Consider Joseph for a moment. Joseph being a young man, probably seventeen or eighteen years old, was trying to prepare a life for his bride. Then his world changed. He got word that his soon to be wife was pregnant. How devastating this must have been to him. “How could she,” he must have thought? Mary must not have been the girl he thought she was. The anguish that went through Joseph’s mind, there had to be a whirlwind of emotions. He would have gone through his options over and over again. “Do I have her dragged out in this streets and stoned because that is what she deserves?” Then he would have thought about the life he was going to have, “But I love her and don’t want any harm to come to her.” He was legally bound to this woman, and now what? Finally, after debating with himself, Joseph decided to the right thing. He will divorce her quietly.
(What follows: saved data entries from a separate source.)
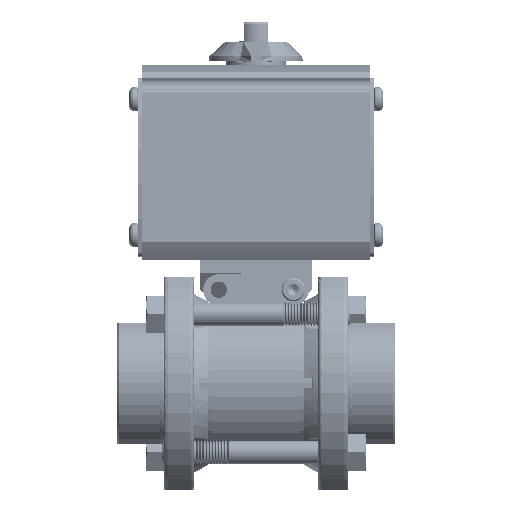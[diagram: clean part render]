
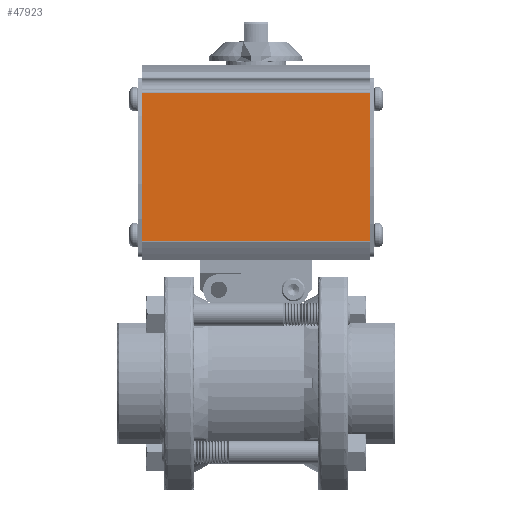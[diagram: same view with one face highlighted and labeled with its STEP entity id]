
A CAD part, top view. The second image highlights one B-rep face of the part: STEP entity #47923.
In plain terms, the highlighted planar face has unit normal (0, 0, 1).
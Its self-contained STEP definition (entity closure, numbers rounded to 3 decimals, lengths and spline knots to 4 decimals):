
#3713 = EDGE_CURVE ( 'NONE', #54577, #66559, #13303, .T. ) ;
#7151 = EDGE_CURVE ( 'NONE', #53883, #66559, #79763, .T. ) ;
#12458 = CARTESIAN_POINT ( 'NONE',  ( -1.5109, 1.7988, 3.281 ) ) ;
#13303 = LINE ( 'NONE', #45014, #63237 ) ;
#15076 = ORIENTED_EDGE ( 'NONE', *, *, #3713, .F. ) ;
#15685 = VECTOR ( 'NONE', #43292, 39.3701 ) ;
#18848 = CARTESIAN_POINT ( 'NONE',  ( -5.0238, 3.8004, 3.281 ) ) ;
#19283 = VECTOR ( 'NONE', #20048, 39.3701 ) ;
#20048 = DIRECTION ( 'NONE',  ( 0., 1., 0. ) ) ;
#25020 = EDGE_CURVE ( 'NONE', #53883, #128150, #45834, .T. ) ;
#28857 = DIRECTION ( 'NONE',  ( 0., -1., 0. ) ) ;
#29819 = VECTOR ( 'NONE', #54105, 39.3701 ) ;
#36720 = AXIS2_PLACEMENT_3D ( 'NONE', #18848, #88568, #28857 ) ;
#43292 = DIRECTION ( 'NONE',  ( -1., 0., 0. ) ) ;
#45014 = CARTESIAN_POINT ( 'NONE',  ( 1.5441, 3.8004, 3.281 ) ) ;
#45834 = LINE ( 'NONE', #59742, #19283 ) ;
#47923 = ADVANCED_FACE ( 'NONE', ( #85412 ), #98148, .F. ) ;
#49032 = EDGE_LOOP ( 'NONE', ( #15076, #116600, #76457, #100785 ) ) ;
#52615 = EDGE_CURVE ( 'NONE', #54577, #128150, #95224, .T. ) ;
#53883 = VERTEX_POINT ( 'NONE', #12458 ) ;
#54105 = DIRECTION ( 'NONE',  ( 1., 0., 0. ) ) ;
#54577 = VERTEX_POINT ( 'NONE', #83098 ) ;
#59742 = CARTESIAN_POINT ( 'NONE',  ( -1.5109, 3.8004, 3.281 ) ) ;
#63237 = VECTOR ( 'NONE', #125179, 39.3701 ) ;
#66559 = VERTEX_POINT ( 'NONE', #103605 ) ;
#76457 = ORIENTED_EDGE ( 'NONE', *, *, #25020, .F. ) ;
#79763 = LINE ( 'NONE', #113750, #29819 ) ;
#83098 = CARTESIAN_POINT ( 'NONE',  ( 1.5441, 3.7931, 3.281 ) ) ;
#85412 = FACE_OUTER_BOUND ( 'NONE', #49032, .T. ) ;
#88568 = DIRECTION ( 'NONE',  ( 0., 0., -1. ) ) ;
#95224 = LINE ( 'NONE', #113007, #15685 ) ;
#98148 = PLANE ( 'NONE',  #36720 ) ;
#100785 = ORIENTED_EDGE ( 'NONE', *, *, #7151, .T. ) ;
#103605 = CARTESIAN_POINT ( 'NONE',  ( 1.5441, 1.7988, 3.281 ) ) ;
#108565 = CARTESIAN_POINT ( 'NONE',  ( -1.5109, 3.7931, 3.281 ) ) ;
#113007 = CARTESIAN_POINT ( 'NONE',  ( -5.0238, 3.7931, 3.281 ) ) ;
#113750 = CARTESIAN_POINT ( 'NONE',  ( -5.0238, 1.7988, 3.281 ) ) ;
#116600 = ORIENTED_EDGE ( 'NONE', *, *, #52615, .T. ) ;
#125179 = DIRECTION ( 'NONE',  ( 0., -1., 0. ) ) ;
#128150 = VERTEX_POINT ( 'NONE', #108565 ) ;
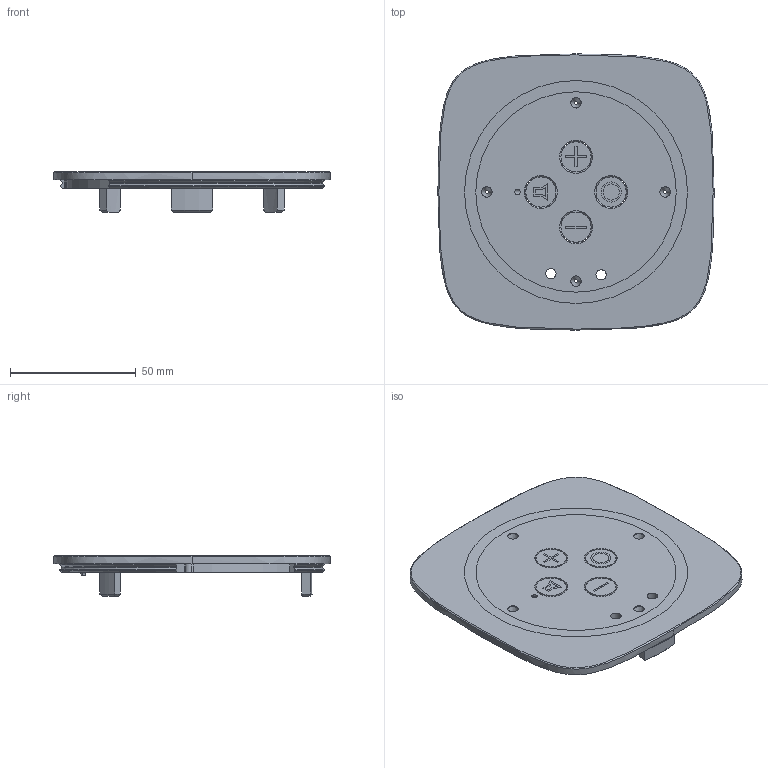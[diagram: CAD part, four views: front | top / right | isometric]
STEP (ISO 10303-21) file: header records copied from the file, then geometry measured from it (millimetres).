
FILE_DESCRIPTION(/* description */ (''),/* implementation_level */ '2;1');
FILE_NAME(/* name */ 'Top Plate v24.step',/* time_stamp */ '2025-06-10T17:48:15+01:00',/* author */ (''),/* organization */ (''),/* preprocessor_version */ 'ST-DEVELOPER v20.1',/* originating_system */ 'Autodesk Translation Framework v14.10.0.0',/* authorisation */ '');
FILE_SCHEMA (('AUTOMOTIVE_DESIGN { 1 0 10303 214 3 1 1 }'));
Length unit declared in the file: millimetre
Products named in the file (5): Top Plate; UFO Template v55; Main Body; MM Buttons; Diffuser PIP
Assembly tree (4 placements, depth 3):
  Top Plate
    UFO Template v55
      Main Body
      MM Buttons
      Diffuser PIP
Bounding box: 110 x 110 x 16 mm (x, y, z)
Volume: 40191.3 mm3; surface area: 37522.1 mm2
Topology: 7 solids, 7 shells, 579 faces, 1652 edges, 1085 vertices
Faces by surface type: plane 375, cylinder 124, cone 70, bspline 10
Full cylindrical faces by diameter (mm): 1.35 x4, 2.2 x2, 2.6 x1, 2.8 x6, 2.95 x4, 4.1 x2, 4.159 x4, 4.55 x4, 5 x1, 6 x2, 6.4 x1, 7.3 x2, 8 x1, 12 x4, 13.2 x4, 79 x2, 79.8 x4, 88.8 x4, 89.6 x2
Entity records: 19787 total; most frequent: CARTESIAN_POINT 4334, ORIENTED_EDGE 3304, DIRECTION 3166, EDGE_CURVE 1652, AXIS2_PLACEMENT_3D 1086, VERTEX_POINT 1085, LINE 994, VECTOR 994
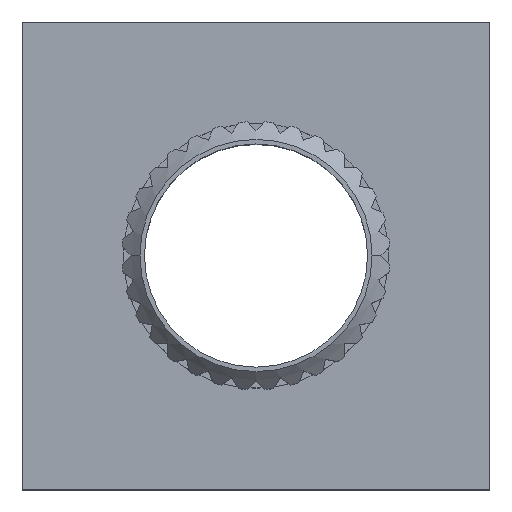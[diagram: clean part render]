
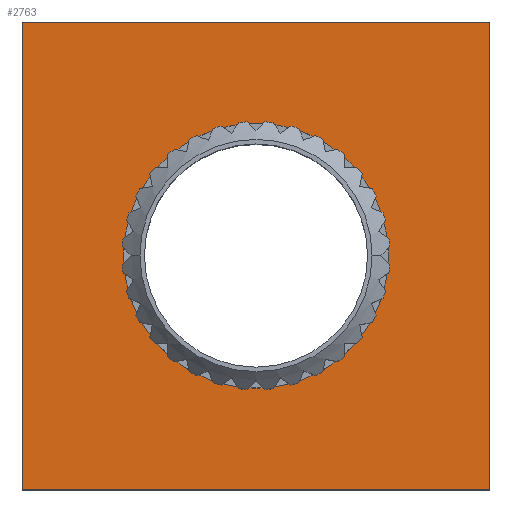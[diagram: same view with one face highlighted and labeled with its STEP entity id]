
A CAD part, top view. The second image highlights one B-rep face of the part: STEP entity #2763.
In plain terms, the highlighted planar face has unit normal (0, 0, 1).
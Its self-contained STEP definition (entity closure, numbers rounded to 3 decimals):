
#187 = CARTESIAN_POINT ( 'NONE',  ( -6.5, -6.5, 2. ) ) ;
#332 = ORIENTED_EDGE ( 'NONE', *, *, #4779, .T. ) ;
#527 = CARTESIAN_POINT ( 'NONE',  ( -6.5, 6.5, 2. ) ) ;
#745 = VERTEX_POINT ( 'NONE', #885 ) ;
#885 = CARTESIAN_POINT ( 'NONE',  ( -3.675, 0., 2. ) ) ;
#910 = EDGE_LOOP ( 'NONE', ( #943, #2734, #964, #332 ) ) ;
#943 = ORIENTED_EDGE ( 'NONE', *, *, #2038, .T. ) ;
#964 = ORIENTED_EDGE ( 'NONE', *, *, #6232, .T. ) ;
#1110 = LINE ( 'NONE', #527, #1876 ) ;
#1317 = CARTESIAN_POINT ( 'NONE',  ( 0., 0., 2. ) ) ;
#1339 = DIRECTION ( 'NONE',  ( 1., 0., 0. ) ) ;
#1381 = DIRECTION ( 'NONE',  ( 1., 0., 0. ) ) ;
#1440 = ORIENTED_EDGE ( 'NONE', *, *, #3634, .F. ) ;
#1508 = AXIS2_PLACEMENT_3D ( 'NONE', #1317, #6184, #1339 ) ;
#1633 = CARTESIAN_POINT ( 'NONE',  ( -6.5, 6.5, 2. ) ) ;
#1668 = VERTEX_POINT ( 'NONE', #4238 ) ;
#1729 = VECTOR ( 'NONE', #3150, 1000. ) ;
#1751 = EDGE_CURVE ( 'NONE', #1875, #745, #4193, .T. ) ;
#1759 = CARTESIAN_POINT ( 'NONE',  ( -6.5, -6.5, 2. ) ) ;
#1791 = EDGE_CURVE ( 'NONE', #5201, #2275, #1110, .T. ) ;
#1824 = LINE ( 'NONE', #1633, #5410 ) ;
#1837 = DIRECTION ( 'NONE',  ( 0., 0., 1. ) ) ;
#1875 = VERTEX_POINT ( 'NONE', #3918 ) ;
#1876 = VECTOR ( 'NONE', #4857, 1000. ) ;
#2038 = EDGE_CURVE ( 'NONE', #1668, #5201, #3876, .T. ) ;
#2242 = CIRCLE ( 'NONE', #1508, 3.675 ) ;
#2252 = FACE_OUTER_BOUND ( 'NONE', #910, .T. ) ;
#2275 = VERTEX_POINT ( 'NONE', #5443 ) ;
#2394 = AXIS2_PLACEMENT_3D ( 'NONE', #6285, #6259, #6335 ) ;
#2403 = PLANE ( 'NONE',  #2394 ) ;
#2636 = DIRECTION ( 'NONE',  ( 0., -1., 0. ) ) ;
#2734 = ORIENTED_EDGE ( 'NONE', *, *, #1791, .T. ) ;
#2763 = ADVANCED_FACE ( 'NONE', ( #2252, #5991 ), #2403, .T. ) ;
#2932 = DIRECTION ( 'NONE',  ( 0., 1., 0. ) ) ;
#3150 = DIRECTION ( 'NONE',  ( 1., 0., 0. ) ) ;
#3188 = VECTOR ( 'NONE', #2932, 1000. ) ;
#3634 = EDGE_CURVE ( 'NONE', #745, #1875, #2242, .T. ) ;
#3729 = LINE ( 'NONE', #187, #1729 ) ;
#3876 = LINE ( 'NONE', #5852, #3188 ) ;
#3918 = CARTESIAN_POINT ( 'NONE',  ( 3.675, 0., 2. ) ) ;
#4017 = AXIS2_PLACEMENT_3D ( 'NONE', #4325, #1837, #1381 ) ;
#4193 = CIRCLE ( 'NONE', #4017, 3.675 ) ;
#4238 = CARTESIAN_POINT ( 'NONE',  ( 6.5, -6.5, 2. ) ) ;
#4325 = CARTESIAN_POINT ( 'NONE',  ( 0., 0., 2. ) ) ;
#4383 = ORIENTED_EDGE ( 'NONE', *, *, #1751, .F. ) ;
#4772 = EDGE_LOOP ( 'NONE', ( #1440, #4383 ) ) ;
#4779 = EDGE_CURVE ( 'NONE', #5938, #1668, #3729, .T. ) ;
#4857 = DIRECTION ( 'NONE',  ( -1., 0., 0. ) ) ;
#5201 = VERTEX_POINT ( 'NONE', #5370 ) ;
#5370 = CARTESIAN_POINT ( 'NONE',  ( 6.5, 6.5, 2. ) ) ;
#5410 = VECTOR ( 'NONE', #2636, 1000. ) ;
#5443 = CARTESIAN_POINT ( 'NONE',  ( -6.5, 6.5, 2. ) ) ;
#5852 = CARTESIAN_POINT ( 'NONE',  ( 6.5, 6.5, 2. ) ) ;
#5938 = VERTEX_POINT ( 'NONE', #1759 ) ;
#5991 = FACE_BOUND ( 'NONE', #4772, .T. ) ;
#6184 = DIRECTION ( 'NONE',  ( 0., 0., 1. ) ) ;
#6232 = EDGE_CURVE ( 'NONE', #2275, #5938, #1824, .T. ) ;
#6259 = DIRECTION ( 'NONE',  ( 0., 0., 1. ) ) ;
#6285 = CARTESIAN_POINT ( 'NONE',  ( 0., 0., 2. ) ) ;
#6335 = DIRECTION ( 'NONE',  ( 1., 0., 0. ) ) ;

That way no harm will come to her.

God is in Control

Then something amazing happened, God broke His silence and sent and angel to comfort Joseph and tell him what to do. Joseph did what God had a commanded. God had a plan and that plan involved Joseph raising the Son of God. When the angel told Joseph that his name was to be “Emmanuel,” he must have shouted with joy. That word means “God is with us.” If you had to pin down the theme of Matthew to one verse, it would be verse 23. Matthew wanted us to know that God has now come in the babe Jesus, and now He is with us. God came in the humble form of a baby so that He would one day grow into the man that would die for all of our sins. In the Old Testament God first came in a Tabernacle. He would travel with the Israelites. Then He moved to the Temple, and people would go and see Him. Now, God is with us. No matter where you are in your life, God is with you. No matter how low you might be, no matter how much you think you do not need him. God is with you. You might feel alone, but if you look to Him, God is with you. You might be rebelling, allowing the hate in your heart to drive you. Friend, put down your arms, God loves you and wants to be with you.  He is there waiting on us.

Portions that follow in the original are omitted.